### Task to carry out
A faithful, complete transcript of the entries below, without pictures, should be returned.

### Data for review

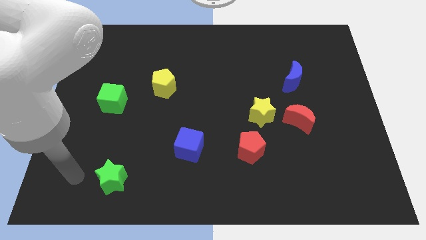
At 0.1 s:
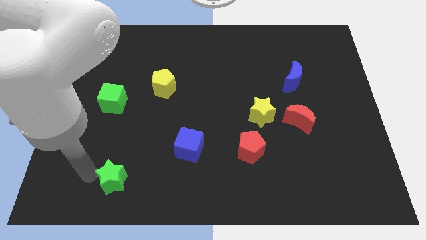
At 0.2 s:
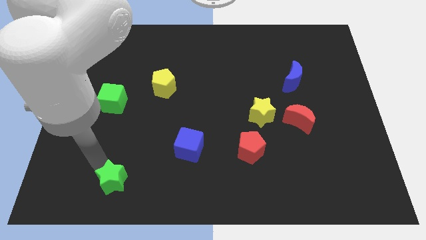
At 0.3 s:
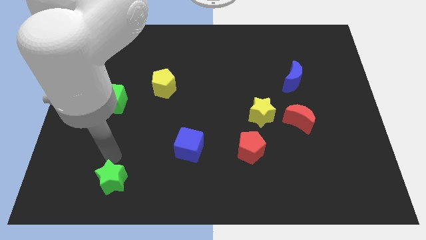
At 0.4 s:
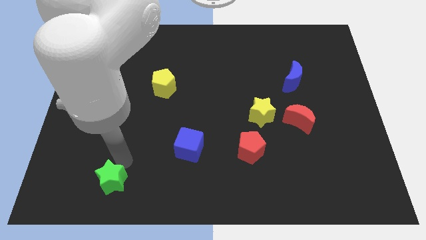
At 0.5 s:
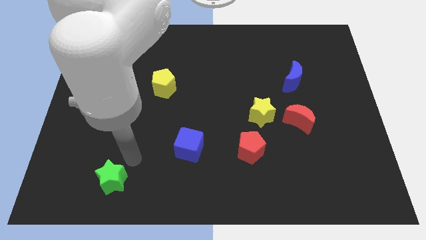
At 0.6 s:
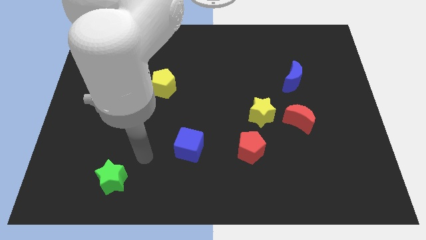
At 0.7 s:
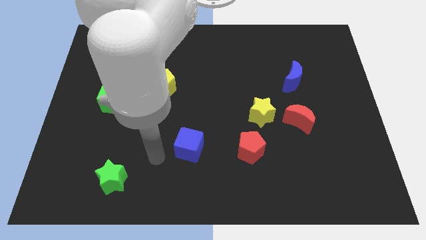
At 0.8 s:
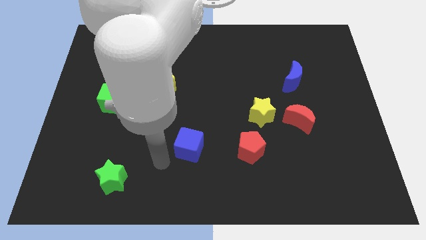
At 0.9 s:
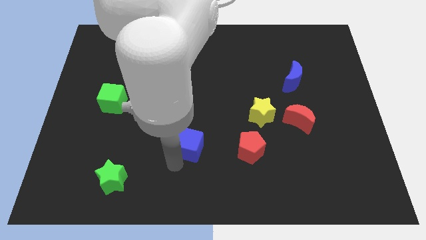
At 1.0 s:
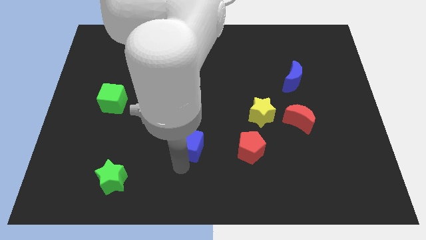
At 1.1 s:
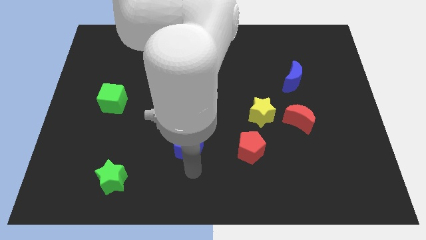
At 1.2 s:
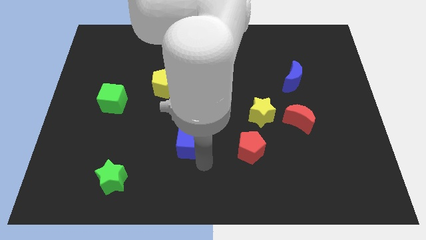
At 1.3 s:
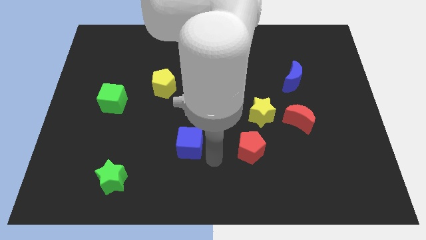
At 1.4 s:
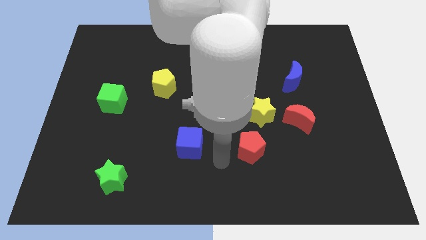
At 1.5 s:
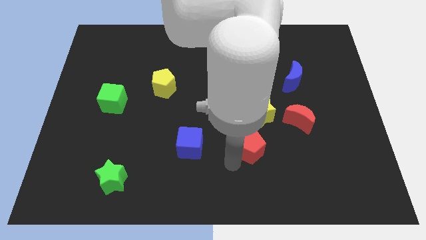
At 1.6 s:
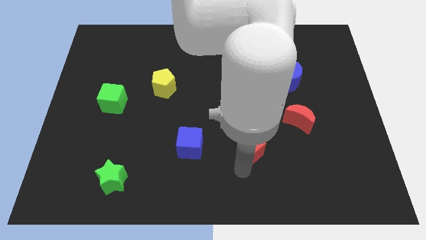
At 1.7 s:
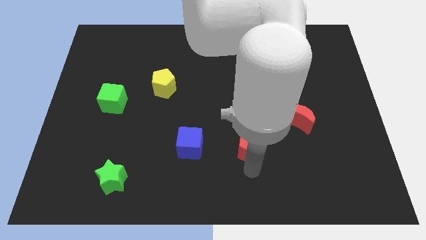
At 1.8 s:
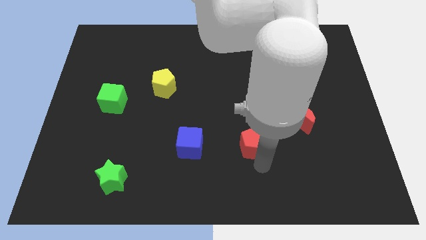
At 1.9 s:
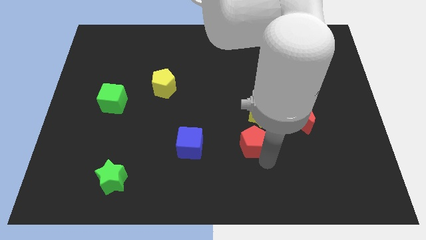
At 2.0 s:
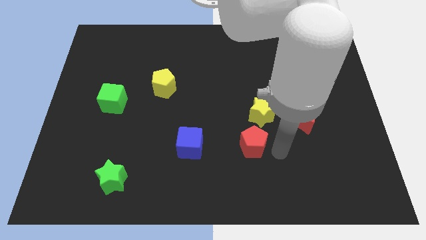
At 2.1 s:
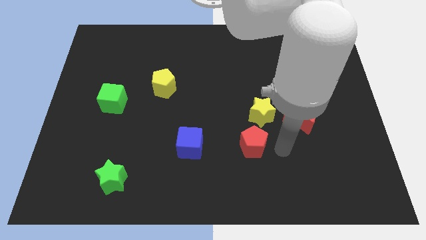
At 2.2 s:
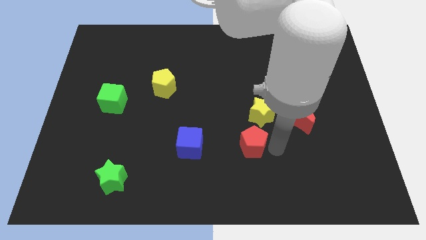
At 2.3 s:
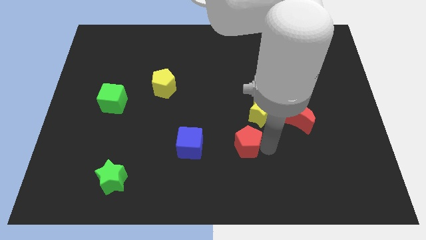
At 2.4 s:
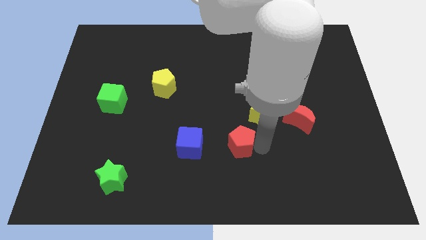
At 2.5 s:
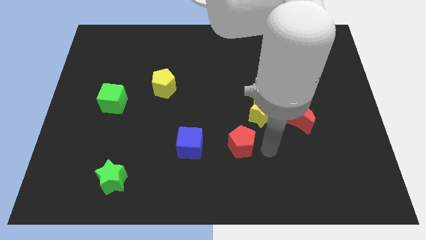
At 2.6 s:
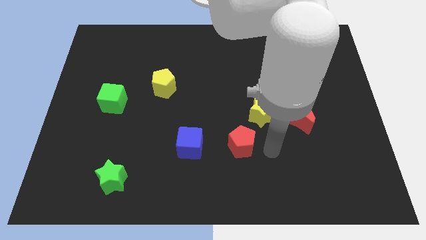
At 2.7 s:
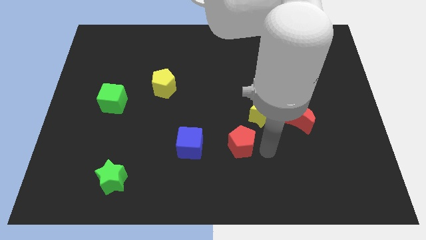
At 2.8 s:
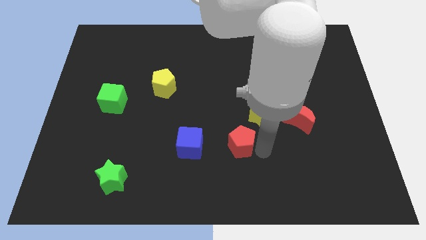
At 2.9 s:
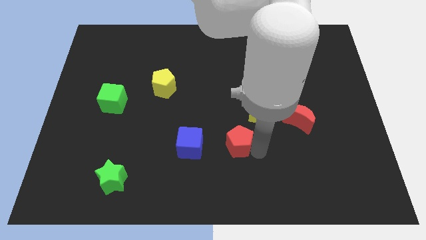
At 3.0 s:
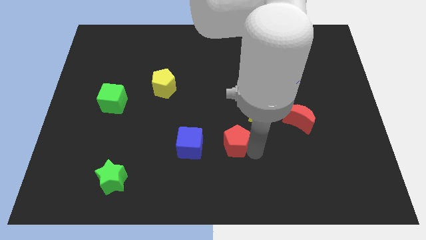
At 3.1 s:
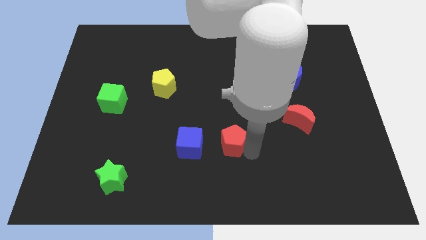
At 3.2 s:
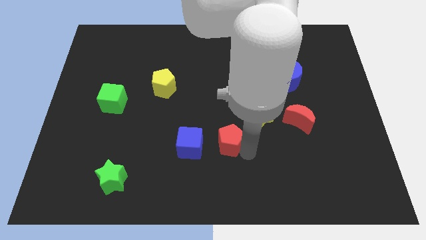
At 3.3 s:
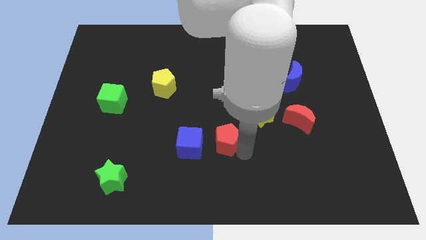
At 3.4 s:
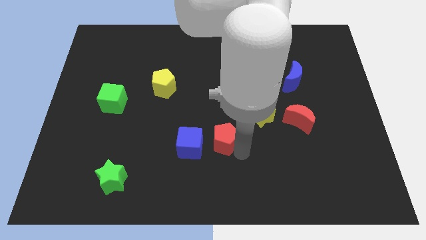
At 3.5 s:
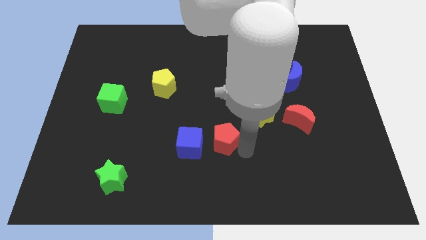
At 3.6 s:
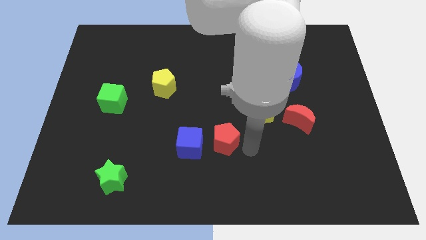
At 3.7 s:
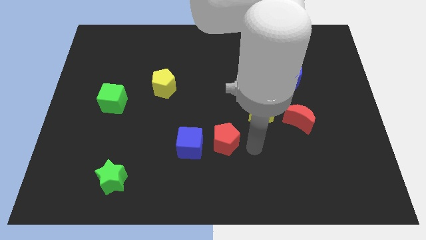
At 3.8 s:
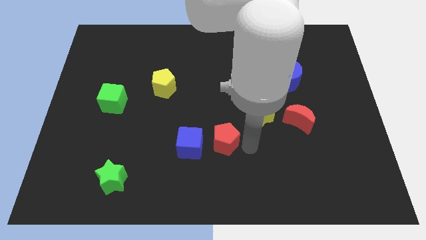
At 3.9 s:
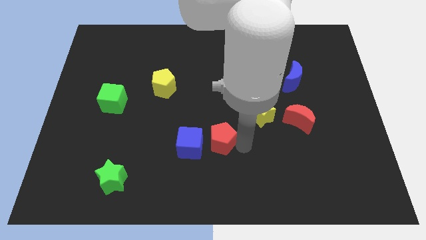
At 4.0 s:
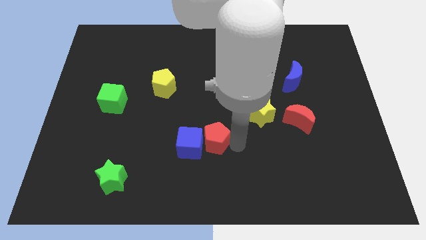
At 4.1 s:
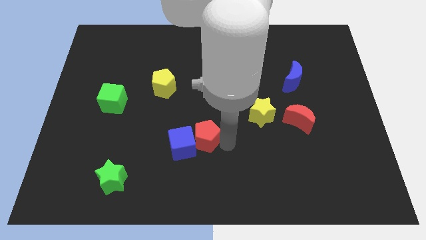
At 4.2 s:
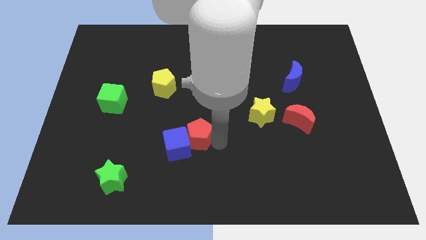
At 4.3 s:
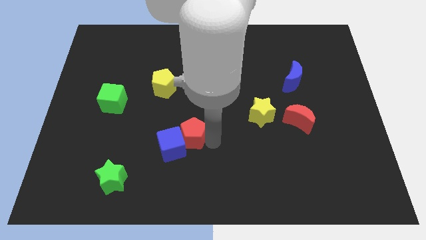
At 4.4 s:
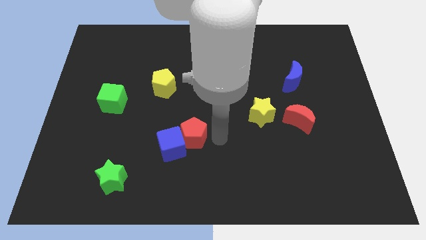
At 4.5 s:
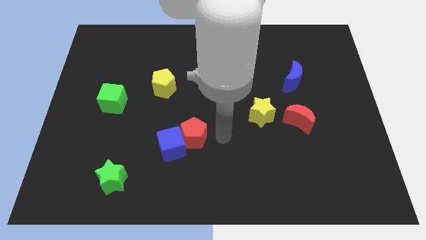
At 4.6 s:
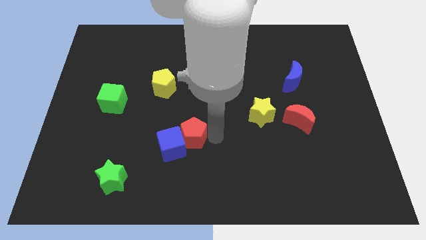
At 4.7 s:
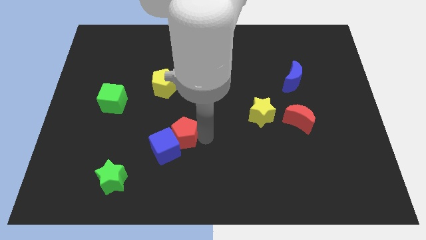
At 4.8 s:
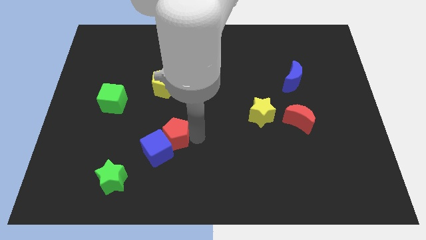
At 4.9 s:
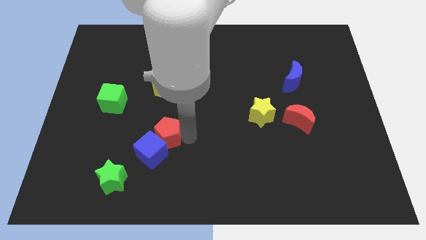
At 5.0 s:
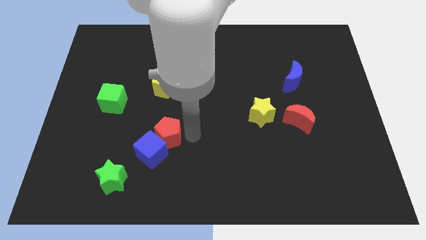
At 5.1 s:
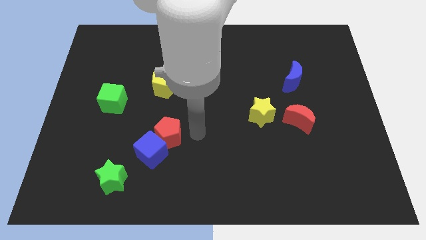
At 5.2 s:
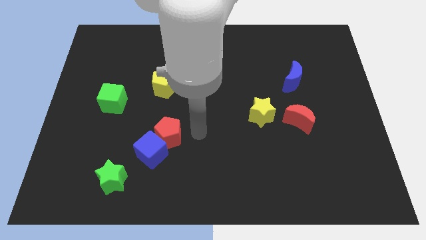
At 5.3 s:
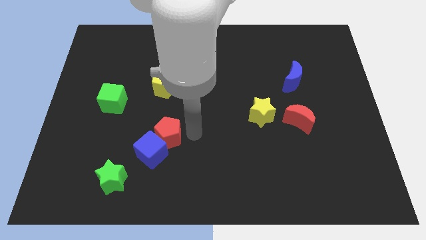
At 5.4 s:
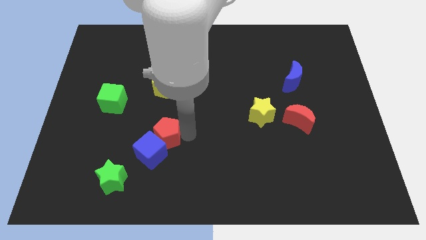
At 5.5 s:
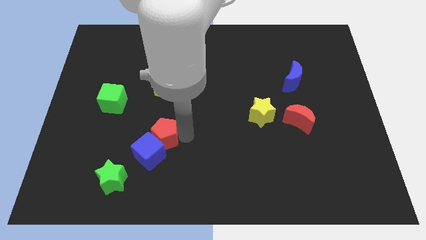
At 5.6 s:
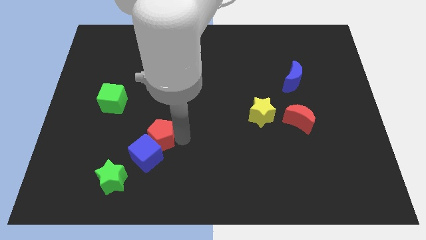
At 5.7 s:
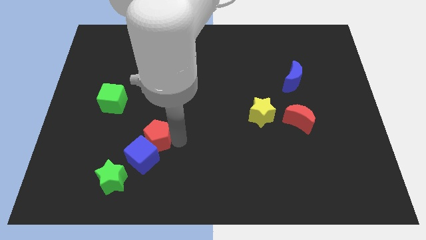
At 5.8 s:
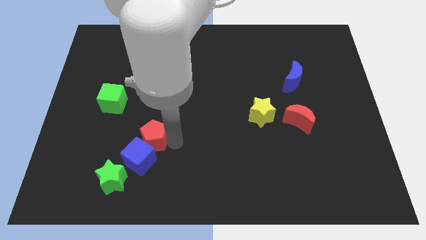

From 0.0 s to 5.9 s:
push the red pentagon to the left

### Expected output
At 0.1 s:
At 0.2 s:
At 0.3 s:
At 0.4 s:
At 0.5 s:
At 0.6 s:
At 0.7 s:
At 0.8 s:
At 0.9 s:
At 1.0 s:
At 1.1 s:
At 1.2 s:
At 1.3 s:
At 1.4 s:
At 1.5 s:
At 1.6 s:
At 1.7 s:
At 1.8 s:
At 1.9 s:
At 2.0 s:
At 2.1 s:
At 2.2 s:
At 2.3 s:
At 2.4 s:
At 2.5 s:
At 2.6 s:
At 2.7 s:
At 2.8 s:
At 2.9 s:
At 3.0 s:
At 3.1 s:
At 3.2 s:
At 3.3 s:
At 3.4 s:
At 3.5 s:
At 3.6 s:
At 3.7 s:
At 3.8 s:
At 3.9 s:
At 4.0 s:
At 4.1 s:
At 4.2 s:
At 4.3 s:
At 4.4 s:
At 4.5 s:
At 4.6 s:
At 4.7 s:
At 4.8 s:
At 4.9 s:
At 5.0 s:
At 5.1 s:
At 5.2 s:
At 5.3 s:
At 5.4 s:
At 5.5 s:
At 5.6 s:
At 5.7 s:
At 5.8 s:

From 0.0 s to 5.9 s:
push the red pentagon to the left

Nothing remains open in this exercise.